You must have at least two shareholders.
- the Aktiengesellschaft (AG) ( AktG ) (including the REIT-Aktiengesellschaft (REIT-AG) ( REITG ), the investment stock corporation with variable capital (InvestmentAG [m. changeable capital]) ( ff. KAGB ), which in turn includes the investment stock corporation with variable capital with sub-company assets (Investment AG [m. changeable capital] m. sub-company assets) ( and (1) sentence 2 and paragraph 2 KAGB), and the investment stock corporation with fixed capital (InvestmentAG) ( ff . KAGB)),
- the European Company (SE) ( ) and
- the limited liability company (GmbH) ( GmbHG ) (including the gGmbH , which exclusively and directly pursues tax-privileged purposes according to §§ 51 to 68 of the tax code ( sentence 2 GmbHG in conjunction with - AO ) and the entrepreneurial company (limited liability) ( GmbHG)) for which one partner is sufficient ( (1) GmbHG, (2) AktG) and
- the partnership limited by shares (KGaA), which requires at least 2 shareholders.
- the registered cooperative (e. G.) ( Genossenschaftsgesetz (GenG)) and
- the European Cooperative Society (SCE) ( ).
The number of members of a registered cooperative must be at least three (GenG). An SCE can be founded by at least five natural persons (Article 2 Paragraph 1 of ).
The German Civil Code (BGB) speaks of joint ownership if the assets of the community are special assets to which the community is entitled "to the whole hand" (ie jointly). This applies to the corporate forms of GbR, OHG and KG ( BGB as well as and HGB ); also for some other associations of persons such as the unincorporated association (to which the regulations on the society apply although it is not a society, BGB), the community of property (with the common property, and BGB) and the community of heirs ( BGB).

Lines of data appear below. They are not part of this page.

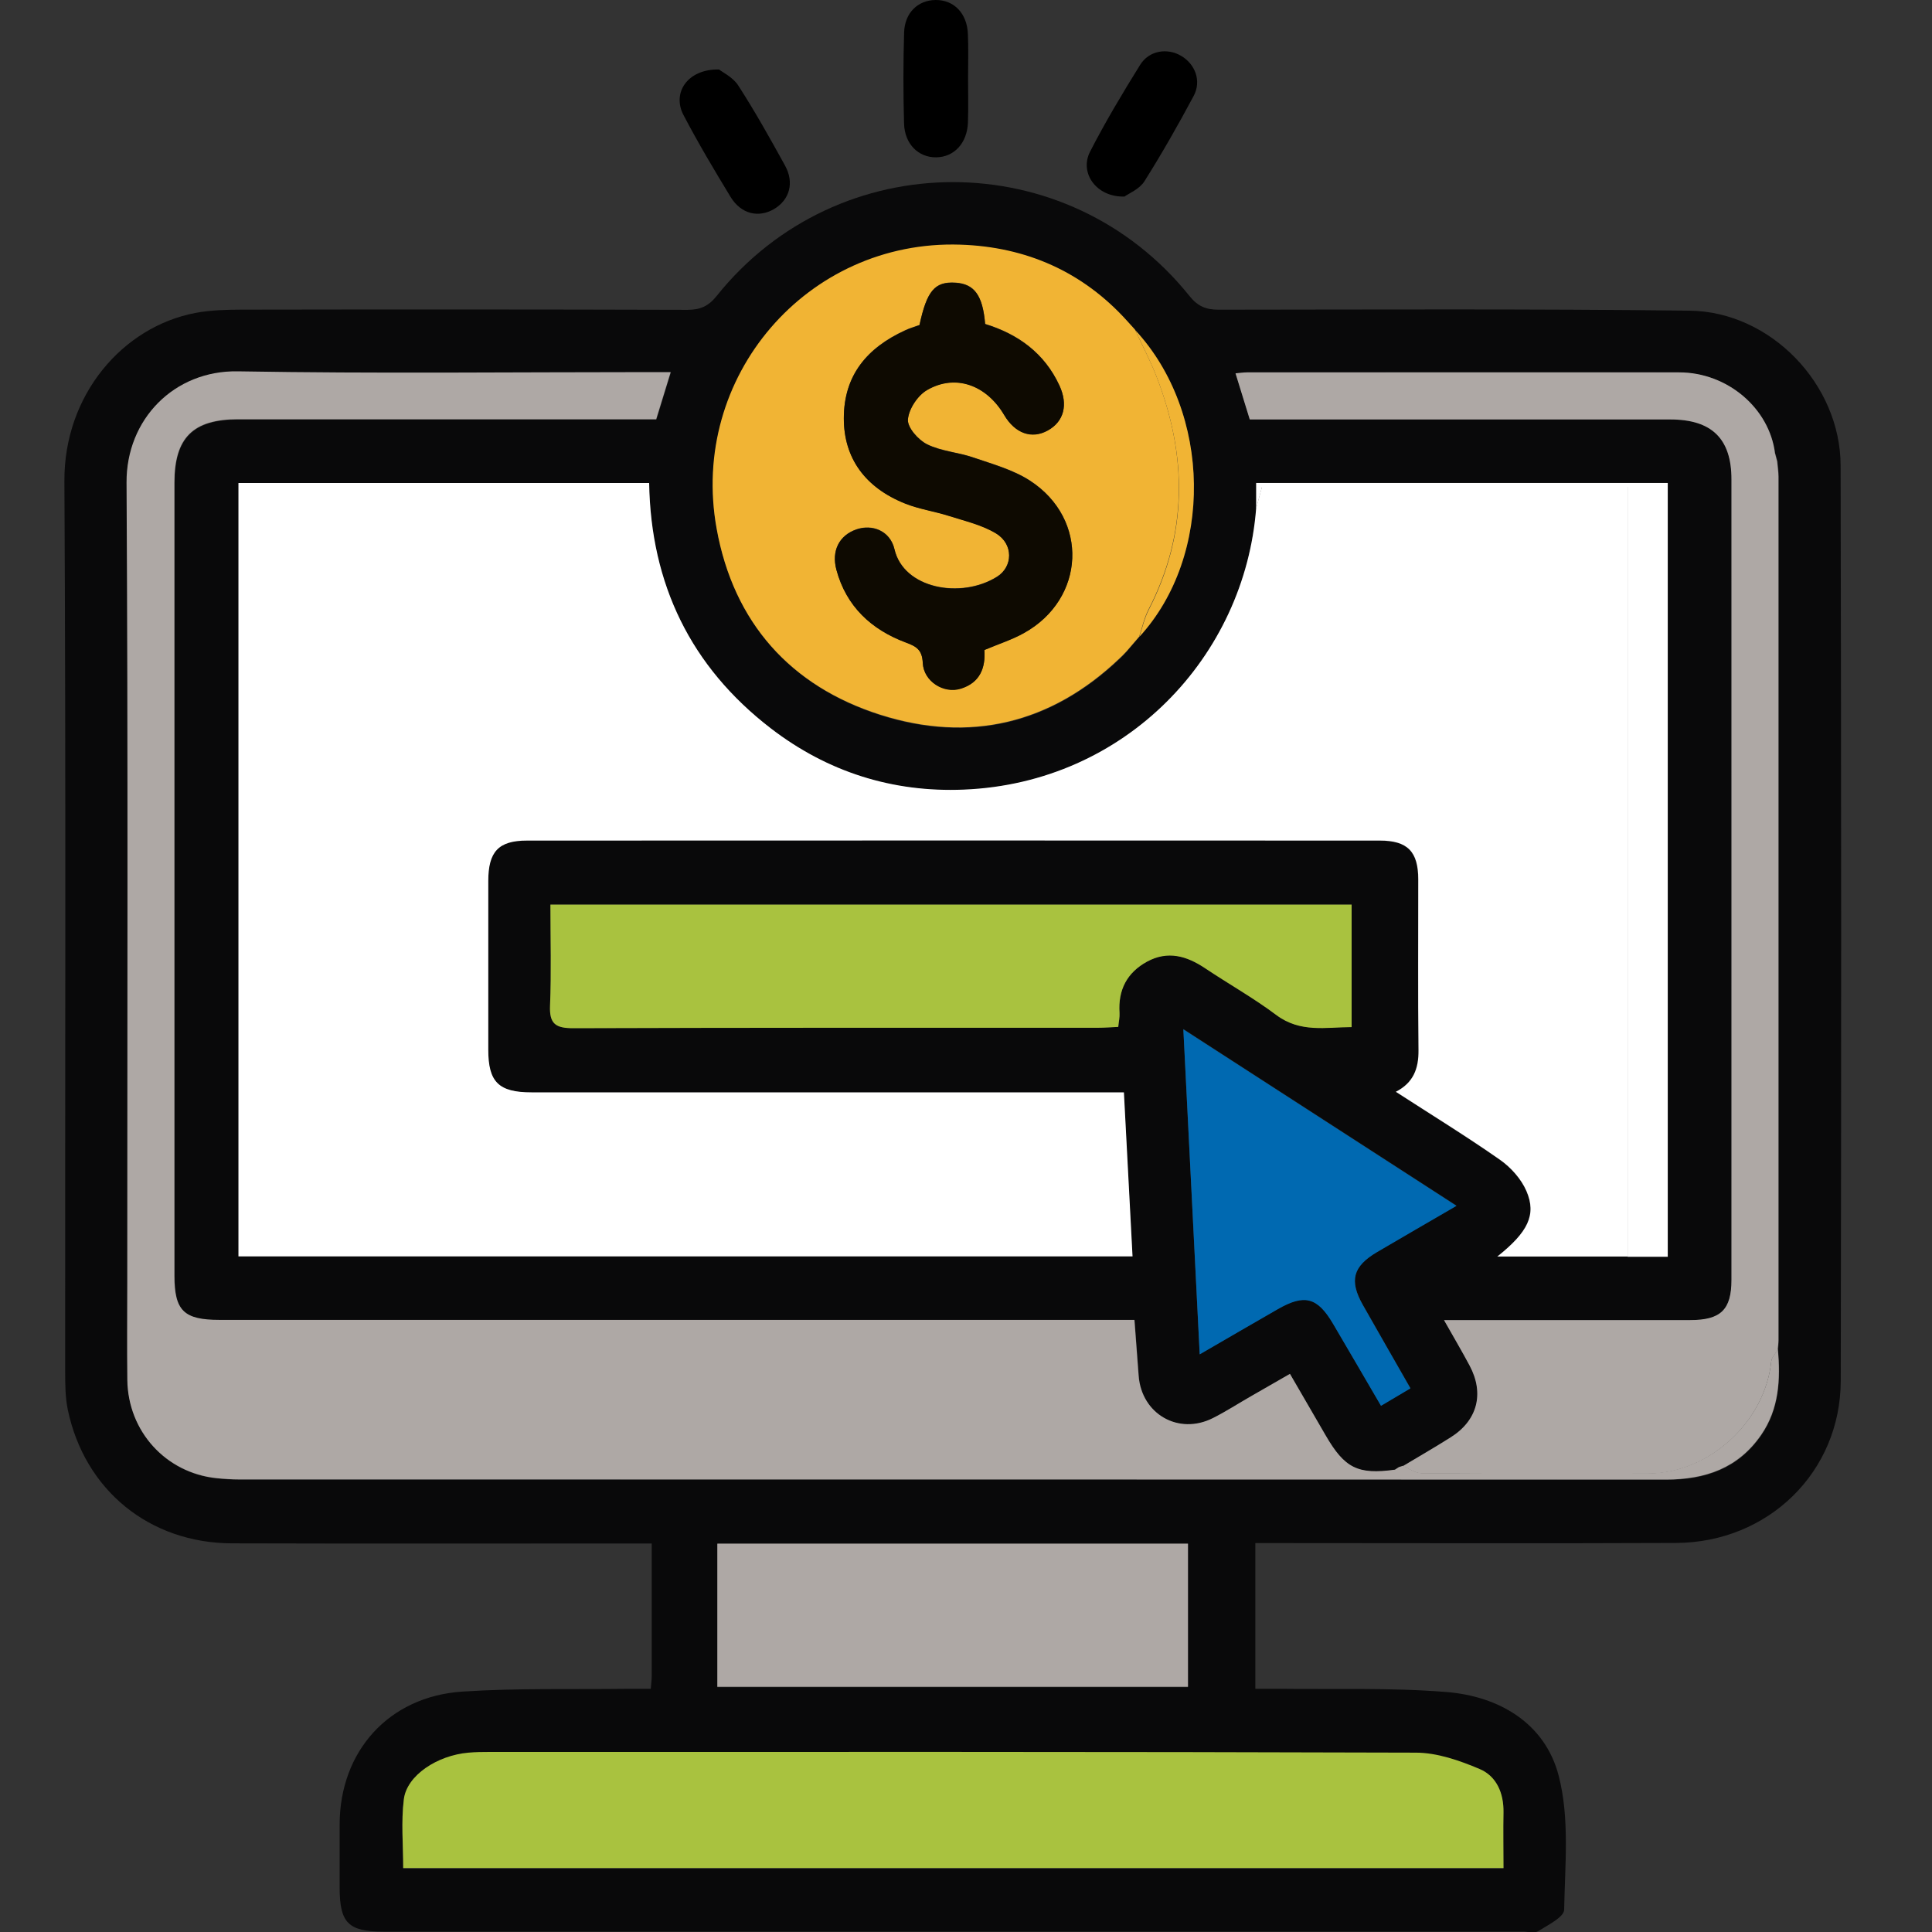 <svg width="30" height="30" viewBox="0 0 30 30" fill="none" xmlns="http://www.w3.org/2000/svg">
<rect x="0" y="0" width="30" height="30" fill="#333333" stroke="none"/>
<g clip-path="url(#clip0_2615_4081)">
<path d="M19.493 23.964V26.223C19.598 26.223 19.704 26.223 19.809 26.223C20.691 26.235 21.577 26.203 22.455 26.273C23.278 26.338 23.989 26.757 24.202 27.569C24.375 28.228 24.301 28.957 24.288 29.655C24.285 29.77 24.035 29.892 23.885 29.987C23.827 30.023 23.727 29.994 23.647 29.994C17.748 29.994 11.85 29.994 5.951 29.994C5.412 29.994 5.276 29.86 5.274 29.323C5.274 28.992 5.274 28.66 5.274 28.329C5.276 27.197 6.033 26.343 7.179 26.267C8.028 26.211 8.882 26.235 9.734 26.224C9.852 26.223 9.97 26.224 10.105 26.224C10.11 26.146 10.12 26.088 10.12 26.031C10.12 25.352 10.12 24.672 10.12 23.967C9.988 23.967 9.88 23.967 9.772 23.967C7.715 23.967 5.658 23.971 3.602 23.965C2.322 23.961 1.315 23.141 1.053 21.891C1.013 21.698 1.012 21.493 1.012 21.294C1.009 16.683 1.025 12.077 1 7.47C0.993 6.133 1.904 5.074 3.035 4.859C3.269 4.815 3.514 4.809 3.753 4.808C6.06 4.804 8.367 4.804 10.675 4.811C10.873 4.811 11.001 4.755 11.128 4.596C13.014 2.238 16.58 2.239 18.47 4.596C18.597 4.755 18.725 4.809 18.923 4.809C21.361 4.807 23.799 4.795 26.236 4.824C27.494 4.839 28.578 5.966 28.581 7.229C28.591 11.966 28.593 16.702 28.583 21.439C28.581 22.857 27.458 23.952 26.025 23.959C23.958 23.968 21.892 23.961 19.825 23.961C19.717 23.961 19.609 23.961 19.491 23.961L19.493 23.964ZM17.439 10.178L17.444 10.172C17.462 10.154 17.479 10.136 17.496 10.118C17.562 10.041 17.627 9.966 17.692 9.89C18.847 8.631 18.817 6.409 17.627 5.127L17.626 5.124L17.57 5.063C17.55 5.04 17.531 5.019 17.511 4.998C16.817 4.225 15.935 3.84 14.914 3.807C12.538 3.729 10.703 5.859 11.131 8.217C11.395 9.672 12.276 10.66 13.671 11.106C15.054 11.546 16.319 11.248 17.387 10.231C17.406 10.214 17.423 10.195 17.442 10.178H17.439ZM27.564 7.041C27.476 6.342 26.827 5.786 26.075 5.784C23.838 5.78 21.603 5.783 19.366 5.784C19.311 5.784 19.257 5.792 19.187 5.799C19.265 6.048 19.334 6.274 19.409 6.515C19.522 6.515 19.632 6.515 19.741 6.515C21.807 6.515 23.873 6.515 25.939 6.515C26.581 6.515 26.888 6.813 26.888 7.445C26.89 11.587 26.89 15.731 26.888 19.873C26.888 20.339 26.723 20.499 26.249 20.5C25.086 20.502 23.923 20.5 22.76 20.5C22.664 20.5 22.567 20.5 22.424 20.5C22.572 20.762 22.703 20.982 22.823 21.207C23.055 21.642 22.943 22.062 22.527 22.322C22.283 22.476 22.032 22.62 21.785 22.768C21.764 22.774 21.743 22.781 21.721 22.789C21.703 22.801 21.683 22.814 21.664 22.826C21.089 22.905 20.884 22.802 20.588 22.293C20.404 21.975 20.221 21.658 20.034 21.338C19.816 21.463 19.625 21.573 19.436 21.682C19.237 21.797 19.042 21.921 18.837 22.025C18.303 22.293 17.727 21.959 17.684 21.365C17.664 21.086 17.643 20.807 17.619 20.5H17.256C12.642 20.5 8.027 20.5 3.413 20.5C2.858 20.5 2.712 20.358 2.712 19.814C2.712 15.708 2.712 11.605 2.712 7.5C2.712 6.801 2.999 6.517 3.699 6.515C5.756 6.515 7.812 6.515 9.869 6.515C9.978 6.515 10.086 6.515 10.193 6.515C10.27 6.266 10.34 6.04 10.418 5.783C10.3 5.783 10.204 5.783 10.106 5.783C7.97 5.783 5.832 5.808 3.697 5.771C2.71 5.754 1.964 6.514 1.97 7.497C1.994 11.642 1.98 15.786 1.98 19.931C1.98 20.432 1.975 20.935 1.982 21.437C1.992 22.232 2.576 22.873 3.362 22.957C3.482 22.97 3.602 22.977 3.722 22.977C11.105 22.977 18.489 22.977 25.872 22.98C26.481 22.98 26.994 22.805 27.351 22.285C27.63 21.881 27.65 21.425 27.611 20.958C27.615 20.908 27.622 20.858 27.622 20.808C27.622 16.339 27.622 11.871 27.622 7.402C27.622 7.322 27.608 7.243 27.602 7.163C27.591 7.122 27.58 7.079 27.568 7.038L27.564 7.041ZM19.505 7.892C19.329 10.188 17.486 12.161 14.964 12.264C13.857 12.309 12.846 11.989 11.967 11.311C10.725 10.354 10.105 9.075 10.078 7.502H3.703V19.511H17.583C17.538 18.657 17.494 17.821 17.45 16.965H14.901C12.684 16.965 10.466 16.965 8.25 16.965C7.739 16.965 7.579 16.803 7.579 16.303C7.579 15.43 7.579 14.557 7.579 13.684C7.579 13.226 7.738 13.054 8.182 13.054C12.595 13.052 17.009 13.052 21.423 13.054C21.856 13.054 22.019 13.226 22.02 13.659C22.023 14.541 22.014 15.424 22.024 16.307C22.028 16.595 21.947 16.815 21.672 16.955C22.219 17.309 22.764 17.645 23.288 18.01C23.459 18.129 23.621 18.309 23.701 18.497C23.859 18.867 23.722 19.136 23.248 19.513H25.893V7.497H19.502V7.892H19.505ZM23.346 29.016C23.346 28.708 23.342 28.428 23.346 28.149C23.351 27.852 23.238 27.589 22.976 27.478C22.663 27.346 22.316 27.225 21.983 27.224C17.191 27.207 12.398 27.213 7.606 27.213C7.495 27.213 7.384 27.213 7.275 27.224C6.789 27.267 6.316 27.578 6.271 27.946C6.227 28.297 6.261 28.657 6.261 29.015H23.346V29.016ZM8.547 14.045C8.547 14.579 8.563 15.098 8.541 15.615C8.529 15.9 8.631 15.964 8.901 15.964C11.619 15.955 14.337 15.959 17.055 15.958C17.152 15.958 17.251 15.95 17.364 15.944C17.372 15.862 17.39 15.794 17.384 15.727C17.359 15.371 17.498 15.102 17.812 14.931C18.134 14.756 18.427 14.841 18.713 15.034C19.079 15.279 19.466 15.495 19.818 15.759C20.19 16.038 20.588 15.948 20.988 15.947V14.045H8.547ZM11.137 23.976V26.199H18.446V23.976H11.137ZM22.616 18.72C21.189 17.798 19.804 16.902 18.375 15.979C18.461 17.696 18.543 19.341 18.629 21.026C19.065 20.774 19.453 20.548 19.842 20.324C20.258 20.086 20.457 20.139 20.701 20.554C20.948 20.974 21.192 21.394 21.444 21.825C21.613 21.725 21.758 21.639 21.901 21.554C21.645 21.107 21.401 20.683 21.161 20.258C20.948 19.881 21.008 19.66 21.381 19.439C21.776 19.205 22.172 18.977 22.618 18.718L22.616 18.72Z" fill="#09090A"/>
<path d="M15.032 1.212C15.032 1.443 15.038 1.674 15.03 1.903C15.018 2.223 14.816 2.439 14.538 2.443C14.262 2.447 14.046 2.237 14.038 1.915C14.025 1.444 14.025 0.974 14.039 0.503C14.049 0.196 14.255 0.003 14.527 2.56729e-05C14.81 -0.003 15.014 0.203 15.029 0.521C15.04 0.751 15.032 0.982 15.032 1.212Z" fill="black"/>
<path d="M17.464 3.052C17.024 3.066 16.759 2.686 16.925 2.358C17.162 1.895 17.43 1.448 17.704 1.007C17.843 0.783 18.125 0.74 18.342 0.868C18.561 0.998 18.659 1.259 18.535 1.49C18.295 1.939 18.043 2.383 17.771 2.814C17.695 2.936 17.531 3.002 17.464 3.05V3.052Z" fill="black"/>
<path d="M11.164 1.078C11.22 1.123 11.381 1.199 11.464 1.328C11.723 1.73 11.958 2.149 12.19 2.571C12.338 2.839 12.259 3.105 12.018 3.247C11.776 3.387 11.507 3.323 11.345 3.059C11.091 2.641 10.84 2.22 10.613 1.786C10.432 1.441 10.676 1.069 11.165 1.079L11.164 1.078Z" fill="black"/>
<path d="M25.273 19.511H23.251C23.725 19.134 23.862 18.864 23.703 18.495C23.622 18.307 23.461 18.127 23.291 18.008C22.767 17.641 22.222 17.307 21.675 16.953C21.948 16.813 22.03 16.593 22.027 16.305C22.016 15.422 22.024 14.539 22.023 13.656C22.023 13.224 21.859 13.052 21.425 13.052C17.012 13.05 12.598 13.05 8.185 13.052C7.74 13.052 7.582 13.224 7.582 13.682C7.582 14.555 7.582 15.427 7.582 16.301C7.582 16.801 7.743 16.962 8.253 16.962C10.469 16.964 12.687 16.962 14.904 16.962H17.452C17.498 17.819 17.542 18.655 17.586 19.509H3.703V7.5H10.08C10.106 9.072 10.727 10.353 11.968 11.309C12.848 11.986 13.859 12.307 14.965 12.261C17.487 12.159 19.33 10.186 19.506 7.889C19.537 7.779 19.566 7.667 19.597 7.555H25.273V19.511Z" fill="white"/>
<path d="M21.719 22.782C21.74 22.776 21.761 22.769 21.783 22.761C21.88 22.801 21.979 22.875 22.076 22.875C23.248 22.883 24.421 22.883 25.595 22.878C26.54 22.875 27.407 22.077 27.504 21.137C27.511 21.073 27.571 21.014 27.607 20.953C27.647 21.419 27.626 21.874 27.347 22.28C26.989 22.8 26.477 22.974 25.868 22.974C18.485 22.971 11.101 22.972 3.718 22.972C3.598 22.972 3.478 22.964 3.358 22.952C2.574 22.868 1.989 22.226 1.977 21.431C1.971 20.93 1.976 20.428 1.976 19.926C1.976 15.781 1.989 11.637 1.965 7.492C1.96 6.509 2.706 5.749 3.693 5.766C5.829 5.803 7.966 5.778 10.102 5.778C10.2 5.778 10.296 5.778 10.414 5.778C10.336 6.035 10.265 6.261 10.189 6.51C10.084 6.51 9.974 6.51 9.865 6.51C7.808 6.51 5.752 6.51 3.695 6.51C2.995 6.51 2.708 6.796 2.708 7.494C2.708 11.6 2.708 15.703 2.708 19.808C2.708 20.352 2.854 20.495 3.409 20.495C8.023 20.495 12.638 20.495 17.252 20.495H17.615C17.638 20.802 17.66 21.081 17.68 21.359C17.723 21.956 18.299 22.289 18.833 22.02C19.038 21.917 19.231 21.791 19.431 21.677C19.622 21.567 19.812 21.458 20.03 21.333C20.216 21.654 20.4 21.97 20.584 22.288C20.88 22.799 21.085 22.9 21.66 22.821C21.679 22.809 21.699 22.796 21.717 22.784L21.719 22.782Z" fill="#AEA8A5"/>
<path d="M17.692 9.882C17.627 9.958 17.562 10.034 17.496 10.11C17.479 10.129 17.462 10.146 17.444 10.165L17.439 10.17C17.42 10.187 17.403 10.206 17.384 10.223C16.317 11.241 15.053 11.538 13.669 11.098C12.272 10.654 11.391 9.665 11.128 8.21C10.7 5.85 12.534 3.72 14.912 3.799C15.932 3.832 16.815 4.218 17.508 4.99C17.528 5.011 17.547 5.034 17.567 5.055C17.586 5.075 17.604 5.097 17.623 5.117L17.624 5.119C17.736 5.362 17.862 5.598 17.958 5.846C18.433 7.068 18.447 8.276 17.834 9.464C17.767 9.594 17.736 9.743 17.69 9.882H17.692ZM15.286 10.09C15.516 9.994 15.717 9.929 15.9 9.827C16.856 9.296 16.912 8.059 15.995 7.463C15.733 7.293 15.415 7.205 15.114 7.103C14.88 7.021 14.617 7.007 14.397 6.898C14.259 6.83 14.089 6.637 14.098 6.513C14.11 6.349 14.25 6.138 14.397 6.053C14.836 5.8 15.317 5.976 15.592 6.44C15.763 6.728 16.02 6.82 16.269 6.682C16.521 6.544 16.589 6.284 16.451 5.985C16.217 5.479 15.807 5.186 15.297 5.029C15.26 4.583 15.129 4.406 14.836 4.388C14.516 4.368 14.393 4.513 14.278 5.045C14.202 5.073 14.125 5.095 14.053 5.129C13.469 5.397 13.103 5.82 13.103 6.494C13.103 7.104 13.426 7.565 14.054 7.816C14.274 7.904 14.517 7.939 14.744 8.011C14.989 8.089 15.25 8.148 15.466 8.28C15.739 8.446 15.732 8.799 15.48 8.955C14.92 9.304 14.03 9.139 13.889 8.526C13.822 8.239 13.542 8.133 13.295 8.22C13.03 8.314 12.909 8.551 12.989 8.847C13.142 9.415 13.53 9.773 14.063 9.973C14.232 10.035 14.319 10.087 14.329 10.291C14.342 10.579 14.656 10.773 14.918 10.691C15.217 10.6 15.304 10.369 15.286 10.09Z" fill="#F1B434"/>
<path d="M23.346 29.006H6.261C6.261 28.647 6.227 28.287 6.271 27.938C6.317 27.568 6.789 27.257 7.275 27.215C7.384 27.205 7.495 27.204 7.606 27.204C12.398 27.204 17.191 27.199 21.983 27.215C22.316 27.215 22.664 27.337 22.976 27.469C23.238 27.58 23.351 27.843 23.346 28.14C23.34 28.42 23.346 28.699 23.346 29.007V29.006Z" fill="#A9C23F"/>
<path d="M27.607 20.957C27.571 21.018 27.511 21.077 27.504 21.141C27.406 22.081 26.539 22.879 25.595 22.883C24.422 22.887 23.25 22.887 22.076 22.879C21.978 22.879 21.88 22.804 21.783 22.766C22.031 22.618 22.28 22.474 22.524 22.32C22.941 22.059 23.052 21.64 22.82 21.205C22.7 20.98 22.57 20.76 22.422 20.498C22.566 20.498 22.662 20.498 22.758 20.498C23.921 20.498 25.084 20.498 26.247 20.498C26.72 20.498 26.886 20.337 26.886 19.872C26.886 15.729 26.887 11.585 26.886 7.443C26.886 6.811 26.579 6.513 25.936 6.513C23.87 6.513 21.804 6.513 19.738 6.513C19.629 6.513 19.52 6.513 19.406 6.513C19.331 6.272 19.262 6.047 19.185 5.797C19.254 5.792 19.309 5.782 19.363 5.782C21.6 5.782 23.835 5.78 26.072 5.782C26.824 5.782 27.475 6.34 27.562 7.039C27.572 7.08 27.583 7.123 27.595 7.164C27.602 7.244 27.615 7.323 27.615 7.403C27.615 11.872 27.615 16.34 27.615 20.809C27.615 20.858 27.608 20.909 27.604 20.959L27.607 20.957Z" fill="#AEA8A5"/>
<path d="M8.547 14.047H20.988V15.949C20.588 15.95 20.192 16.041 19.818 15.761C19.466 15.497 19.079 15.28 18.713 15.035C18.427 14.844 18.134 14.758 17.812 14.932C17.499 15.103 17.36 15.373 17.384 15.729C17.388 15.795 17.372 15.863 17.364 15.946C17.251 15.951 17.152 15.959 17.055 15.959C14.337 15.959 11.619 15.957 8.901 15.966C8.631 15.966 8.529 15.902 8.541 15.617C8.562 15.099 8.547 14.579 8.547 14.047Z" fill="#A9C23F"/>
<path d="M11.139 23.969H18.447V26.192H11.139V23.969Z" fill="#AEA8A5"/>
<path d="M22.618 18.724C22.172 18.984 21.775 19.212 21.381 19.444C21.008 19.665 20.948 19.885 21.161 20.263C21.401 20.688 21.647 21.112 21.901 21.559C21.758 21.645 21.613 21.73 21.444 21.83C21.192 21.399 20.948 20.978 20.701 20.559C20.457 20.144 20.258 20.091 19.842 20.329C19.453 20.552 19.065 20.778 18.629 21.031C18.545 19.347 18.462 17.7 18.375 15.984C19.804 16.907 21.189 17.803 22.616 18.725L22.618 18.724Z" fill="#0069B1"/>
<path d="M25.273 19.515V7.56H19.597C19.566 7.672 19.537 7.783 19.506 7.895V7.5H25.897V19.515H25.274H25.273Z" fill="white"/>
<path d="M17.692 9.888C17.739 9.748 17.77 9.6 17.837 9.47C18.449 8.283 18.435 7.075 17.96 5.852C17.864 5.604 17.739 5.366 17.627 5.125C18.817 6.407 18.847 8.629 17.692 9.888Z" fill="#F1B434"/>
<path d="M27.598 7.157C27.587 7.115 27.576 7.073 27.564 7.031C27.575 7.073 27.586 7.115 27.598 7.157Z" fill="#E6E8EA"/>
<path d="M15.286 10.094C15.305 10.373 15.217 10.603 14.918 10.695C14.655 10.777 14.342 10.583 14.329 10.295C14.319 10.091 14.231 10.039 14.063 9.977C13.53 9.777 13.142 9.419 12.988 8.851C12.908 8.555 13.03 8.317 13.295 8.224C13.542 8.137 13.822 8.243 13.889 8.53C14.03 9.143 14.92 9.308 15.48 8.959C15.732 8.802 15.739 8.448 15.466 8.284C15.25 8.153 14.989 8.093 14.744 8.015C14.515 7.941 14.274 7.908 14.054 7.82C13.426 7.569 13.103 7.108 13.103 6.498C13.103 5.823 13.469 5.402 14.053 5.133C14.125 5.099 14.202 5.077 14.278 5.049C14.393 4.516 14.514 4.372 14.836 4.392C15.129 4.411 15.26 4.587 15.297 5.033C15.806 5.19 16.217 5.483 16.451 5.989C16.588 6.286 16.52 6.548 16.269 6.686C16.02 6.824 15.761 6.732 15.592 6.444C15.317 5.979 14.836 5.803 14.397 6.057C14.25 6.141 14.11 6.353 14.098 6.517C14.089 6.641 14.259 6.834 14.397 6.902C14.616 7.01 14.878 7.025 15.114 7.106C15.414 7.21 15.733 7.297 15.995 7.467C16.912 8.064 16.855 9.3 15.9 9.831C15.719 9.933 15.516 9.997 15.286 10.094Z" fill="#0E0A01"/>
</g>
<defs>
<clipPath id="clip0_2615_4081">
<rect width="27.59" height="30" fill="white" transform="translate(1)"/>
</clipPath>
</defs>
</svg>

Only the legal forms prescribed by law can be created, possibly as a mixed form ( GmbH & Co. KG ). However, the European Court of Justice (ECJ) has ruled that a company founded in one EU member state must be recognized in another member state if it moves its registered office there. This makes it possible to establish national company forms in addition to the German and EU-wide introduced supranational company forms ( EWIV , SE and SCE ). For these supranational forms of company, EU regulations contain directly applicable law in Germany.
- Petra Dulf / Christoph Martin / Thomas Wiegmann, Accounting for Partnerships , 2010, p. 15.
- Julia Preußer, Corporate Law. Examination knowledge, multiple choice tests, laws, judgments , 2007, ISBN 978-3-448-08270-8 , p. 6.
- BGHZ 24, 106
- Werner Nägel: One-man companies in German and European law . 2004, p. 29 ( limited preview in Google Book search).
- Barbara Grünewald, Corporate Law , 2008, p. 5.
- ECJ NJW 2003, 3331
- Julia Preußer, Corporate Law. Exam Knowledge, Multiple Choice Tests, Laws, Judgments , 2007, ISBN 978-3-448-08270-8 , p. 12.